* **WORK INSTRUCTION**
Will you quote precisely the lines that run from the top of the material below to the line containing "#18551 = CARTESIAN_POINT", both ends included?

+ + + + + + +

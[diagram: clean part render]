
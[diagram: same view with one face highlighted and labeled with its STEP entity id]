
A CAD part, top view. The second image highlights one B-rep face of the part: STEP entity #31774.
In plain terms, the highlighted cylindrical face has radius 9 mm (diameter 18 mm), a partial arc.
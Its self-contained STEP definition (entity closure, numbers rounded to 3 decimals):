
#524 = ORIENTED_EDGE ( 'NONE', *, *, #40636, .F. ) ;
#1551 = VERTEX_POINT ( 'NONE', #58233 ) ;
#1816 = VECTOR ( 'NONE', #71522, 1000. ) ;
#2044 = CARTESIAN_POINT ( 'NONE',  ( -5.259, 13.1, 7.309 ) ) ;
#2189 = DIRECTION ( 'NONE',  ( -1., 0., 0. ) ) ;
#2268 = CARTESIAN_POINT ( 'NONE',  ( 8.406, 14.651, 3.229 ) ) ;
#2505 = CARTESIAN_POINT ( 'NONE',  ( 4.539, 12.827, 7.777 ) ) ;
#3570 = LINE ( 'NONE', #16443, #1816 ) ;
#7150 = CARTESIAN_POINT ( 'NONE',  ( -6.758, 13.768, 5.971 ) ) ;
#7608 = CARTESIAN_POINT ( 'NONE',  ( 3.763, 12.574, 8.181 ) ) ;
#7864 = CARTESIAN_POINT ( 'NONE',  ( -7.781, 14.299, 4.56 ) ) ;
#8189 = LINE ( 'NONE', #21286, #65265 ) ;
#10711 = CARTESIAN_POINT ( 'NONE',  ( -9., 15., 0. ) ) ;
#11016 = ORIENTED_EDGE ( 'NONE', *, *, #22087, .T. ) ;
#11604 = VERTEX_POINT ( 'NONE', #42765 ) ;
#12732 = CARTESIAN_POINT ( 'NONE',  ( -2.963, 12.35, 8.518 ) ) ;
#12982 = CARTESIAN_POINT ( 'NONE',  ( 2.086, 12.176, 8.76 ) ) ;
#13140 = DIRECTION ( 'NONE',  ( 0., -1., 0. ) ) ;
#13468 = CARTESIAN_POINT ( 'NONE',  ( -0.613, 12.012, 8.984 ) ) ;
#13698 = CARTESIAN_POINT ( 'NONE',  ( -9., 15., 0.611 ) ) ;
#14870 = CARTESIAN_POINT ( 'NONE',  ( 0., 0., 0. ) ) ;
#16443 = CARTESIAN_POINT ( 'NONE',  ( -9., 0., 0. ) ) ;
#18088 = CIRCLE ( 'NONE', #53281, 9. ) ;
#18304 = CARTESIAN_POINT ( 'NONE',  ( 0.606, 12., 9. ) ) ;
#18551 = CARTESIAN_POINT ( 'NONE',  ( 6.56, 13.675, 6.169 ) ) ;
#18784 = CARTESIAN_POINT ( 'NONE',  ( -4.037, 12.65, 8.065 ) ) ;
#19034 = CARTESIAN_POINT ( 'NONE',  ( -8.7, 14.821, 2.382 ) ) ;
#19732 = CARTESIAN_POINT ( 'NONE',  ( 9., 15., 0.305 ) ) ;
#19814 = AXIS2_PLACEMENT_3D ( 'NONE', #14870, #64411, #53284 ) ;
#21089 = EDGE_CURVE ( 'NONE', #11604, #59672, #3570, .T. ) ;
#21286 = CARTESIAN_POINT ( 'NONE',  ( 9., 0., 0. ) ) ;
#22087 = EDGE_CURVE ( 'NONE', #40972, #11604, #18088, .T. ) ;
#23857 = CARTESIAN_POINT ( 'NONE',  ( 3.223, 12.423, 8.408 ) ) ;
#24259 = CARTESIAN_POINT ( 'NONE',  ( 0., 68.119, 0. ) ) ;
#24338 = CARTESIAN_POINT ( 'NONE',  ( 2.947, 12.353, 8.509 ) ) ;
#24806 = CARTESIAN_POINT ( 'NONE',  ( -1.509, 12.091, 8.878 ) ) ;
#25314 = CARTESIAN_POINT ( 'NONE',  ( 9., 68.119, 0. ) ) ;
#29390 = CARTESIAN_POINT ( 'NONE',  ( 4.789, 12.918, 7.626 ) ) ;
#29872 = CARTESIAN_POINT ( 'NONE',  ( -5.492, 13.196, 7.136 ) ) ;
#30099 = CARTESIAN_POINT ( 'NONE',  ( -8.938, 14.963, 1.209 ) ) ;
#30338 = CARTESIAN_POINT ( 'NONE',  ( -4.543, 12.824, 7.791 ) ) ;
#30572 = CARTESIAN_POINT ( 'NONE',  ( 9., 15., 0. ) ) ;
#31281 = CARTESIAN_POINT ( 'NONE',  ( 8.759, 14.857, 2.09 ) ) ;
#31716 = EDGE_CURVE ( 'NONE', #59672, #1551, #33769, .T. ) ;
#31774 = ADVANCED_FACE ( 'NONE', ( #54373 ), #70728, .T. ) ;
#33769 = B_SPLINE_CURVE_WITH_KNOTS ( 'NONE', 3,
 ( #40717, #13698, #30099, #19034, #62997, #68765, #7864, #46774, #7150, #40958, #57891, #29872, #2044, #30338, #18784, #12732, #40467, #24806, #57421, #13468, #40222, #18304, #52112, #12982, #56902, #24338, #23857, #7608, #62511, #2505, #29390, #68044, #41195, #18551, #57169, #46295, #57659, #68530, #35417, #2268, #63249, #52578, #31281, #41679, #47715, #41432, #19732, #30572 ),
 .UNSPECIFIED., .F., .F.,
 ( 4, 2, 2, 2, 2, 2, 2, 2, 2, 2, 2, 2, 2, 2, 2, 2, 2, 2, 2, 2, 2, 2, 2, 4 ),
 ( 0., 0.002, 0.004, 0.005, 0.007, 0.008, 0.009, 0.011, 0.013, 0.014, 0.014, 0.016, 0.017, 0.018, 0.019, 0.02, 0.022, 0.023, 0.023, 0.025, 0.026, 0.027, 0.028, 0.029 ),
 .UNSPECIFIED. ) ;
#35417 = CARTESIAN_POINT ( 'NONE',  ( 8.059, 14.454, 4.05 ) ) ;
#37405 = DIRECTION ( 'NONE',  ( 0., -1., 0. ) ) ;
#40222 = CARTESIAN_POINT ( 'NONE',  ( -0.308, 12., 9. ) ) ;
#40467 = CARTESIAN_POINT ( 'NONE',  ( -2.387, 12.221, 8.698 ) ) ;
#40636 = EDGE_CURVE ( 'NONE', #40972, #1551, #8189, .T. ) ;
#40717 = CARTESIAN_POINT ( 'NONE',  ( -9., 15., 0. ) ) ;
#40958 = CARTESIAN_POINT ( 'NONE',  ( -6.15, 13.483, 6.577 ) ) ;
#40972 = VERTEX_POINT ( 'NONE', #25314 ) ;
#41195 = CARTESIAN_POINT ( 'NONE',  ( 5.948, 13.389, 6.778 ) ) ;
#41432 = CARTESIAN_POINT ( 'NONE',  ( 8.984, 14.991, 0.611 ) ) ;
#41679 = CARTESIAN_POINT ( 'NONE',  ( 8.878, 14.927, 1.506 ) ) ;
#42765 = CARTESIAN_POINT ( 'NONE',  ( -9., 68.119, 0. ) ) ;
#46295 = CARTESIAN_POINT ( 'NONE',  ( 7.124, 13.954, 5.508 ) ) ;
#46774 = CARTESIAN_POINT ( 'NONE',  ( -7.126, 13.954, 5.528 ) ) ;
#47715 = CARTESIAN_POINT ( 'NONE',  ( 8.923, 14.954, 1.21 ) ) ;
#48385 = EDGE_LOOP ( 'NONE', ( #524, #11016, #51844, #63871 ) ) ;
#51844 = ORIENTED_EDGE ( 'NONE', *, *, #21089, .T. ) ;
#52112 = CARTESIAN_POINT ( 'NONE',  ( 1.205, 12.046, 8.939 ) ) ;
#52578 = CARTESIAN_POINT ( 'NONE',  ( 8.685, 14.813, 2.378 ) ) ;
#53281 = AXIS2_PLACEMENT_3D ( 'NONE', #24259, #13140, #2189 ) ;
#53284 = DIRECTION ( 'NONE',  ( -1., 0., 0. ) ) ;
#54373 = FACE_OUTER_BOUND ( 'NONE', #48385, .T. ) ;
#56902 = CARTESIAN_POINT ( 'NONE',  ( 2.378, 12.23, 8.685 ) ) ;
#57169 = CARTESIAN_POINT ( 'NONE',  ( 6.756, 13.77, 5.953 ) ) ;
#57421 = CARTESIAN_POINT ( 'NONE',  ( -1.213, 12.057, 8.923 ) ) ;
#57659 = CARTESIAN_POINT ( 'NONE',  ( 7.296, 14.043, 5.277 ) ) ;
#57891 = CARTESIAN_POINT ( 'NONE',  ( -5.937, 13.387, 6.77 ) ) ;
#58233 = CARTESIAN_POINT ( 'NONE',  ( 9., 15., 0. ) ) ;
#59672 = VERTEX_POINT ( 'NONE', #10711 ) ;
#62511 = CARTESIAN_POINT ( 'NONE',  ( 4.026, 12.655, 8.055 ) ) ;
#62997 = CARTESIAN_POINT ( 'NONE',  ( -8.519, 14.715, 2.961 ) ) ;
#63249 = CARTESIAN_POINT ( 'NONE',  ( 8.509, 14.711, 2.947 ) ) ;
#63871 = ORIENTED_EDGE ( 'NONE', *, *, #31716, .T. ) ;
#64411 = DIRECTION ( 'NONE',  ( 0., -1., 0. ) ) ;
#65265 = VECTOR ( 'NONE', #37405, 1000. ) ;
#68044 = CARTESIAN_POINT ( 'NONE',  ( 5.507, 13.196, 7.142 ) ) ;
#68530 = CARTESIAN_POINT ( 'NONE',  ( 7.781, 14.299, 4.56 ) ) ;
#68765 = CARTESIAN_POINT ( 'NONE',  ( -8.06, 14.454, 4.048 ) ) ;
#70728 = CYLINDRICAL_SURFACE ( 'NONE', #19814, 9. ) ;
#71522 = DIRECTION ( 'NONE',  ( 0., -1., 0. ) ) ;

+ + + + + + +

* **WRITTEN RESPONSE**
[diagram: clean part render]
[diagram: same view with one face highlighted and labeled with its STEP entity id]
A CAD part, top view. The second image highlights one B-rep face of the part: STEP entity #31774.
In plain terms, the highlighted cylindrical face has radius 9 mm (diameter 18 mm), a partial arc.
Its self-contained STEP definition (entity closure, numbers rounded to 3 decimals):
#524 = ORIENTED_EDGE ( 'NONE', *, *, #40636, .F. ) ;
#1551 = VERTEX_POINT ( 'NONE', #58233 ) ;
#1816 = VECTOR ( 'NONE', #71522, 1000. ) ;
#2044 = CARTESIAN_POINT ( 'NONE',  ( -5.259, 13.1, 7.309 ) ) ;
#2189 = DIRECTION ( 'NONE',  ( -1., 0., 0. ) ) ;
#2268 = CARTESIAN_POINT ( 'NONE',  ( 8.406, 14.651, 3.229 ) ) ;
#2505 = CARTESIAN_POINT ( 'NONE',  ( 4.539, 12.827, 7.777 ) ) ;
#3570 = LINE ( 'NONE', #16443, #1816 ) ;
#7150 = CARTESIAN_POINT ( 'NONE',  ( -6.758, 13.768, 5.971 ) ) ;
#7608 = CARTESIAN_POINT ( 'NONE',  ( 3.763, 12.574, 8.181 ) ) ;
#7864 = CARTESIAN_POINT ( 'NONE',  ( -7.781, 14.299, 4.56 ) ) ;
#8189 = LINE ( 'NONE', #21286, #65265 ) ;
#10711 = CARTESIAN_POINT ( 'NONE',  ( -9., 15., 0. ) ) ;
#11016 = ORIENTED_EDGE ( 'NONE', *, *, #22087, .T. ) ;
#11604 = VERTEX_POINT ( 'NONE', #42765 ) ;
#12732 = CARTESIAN_POINT ( 'NONE',  ( -2.963, 12.35, 8.518 ) ) ;
#12982 = CARTESIAN_POINT ( 'NONE',  ( 2.086, 12.176, 8.76 ) ) ;
#13140 = DIRECTION ( 'NONE',  ( 0., -1., 0. ) ) ;
#13468 = CARTESIAN_POINT ( 'NONE',  ( -0.613, 12.012, 8.984 ) ) ;
#13698 = CARTESIAN_POINT ( 'NONE',  ( -9., 15., 0.611 ) ) ;
#14870 = CARTESIAN_POINT ( 'NONE',  ( 0., 0., 0. ) ) ;
#16443 = CARTESIAN_POINT ( 'NONE',  ( -9., 0., 0. ) ) ;
#18088 = CIRCLE ( 'NONE', #53281, 9. ) ;
#18304 = CARTESIAN_POINT ( 'NONE',  ( 0.606, 12., 9. ) ) ;
#18551 = CARTESIAN_POINT ( 'NONE',  ( 6.56, 13.675, 6.169 ) ) ;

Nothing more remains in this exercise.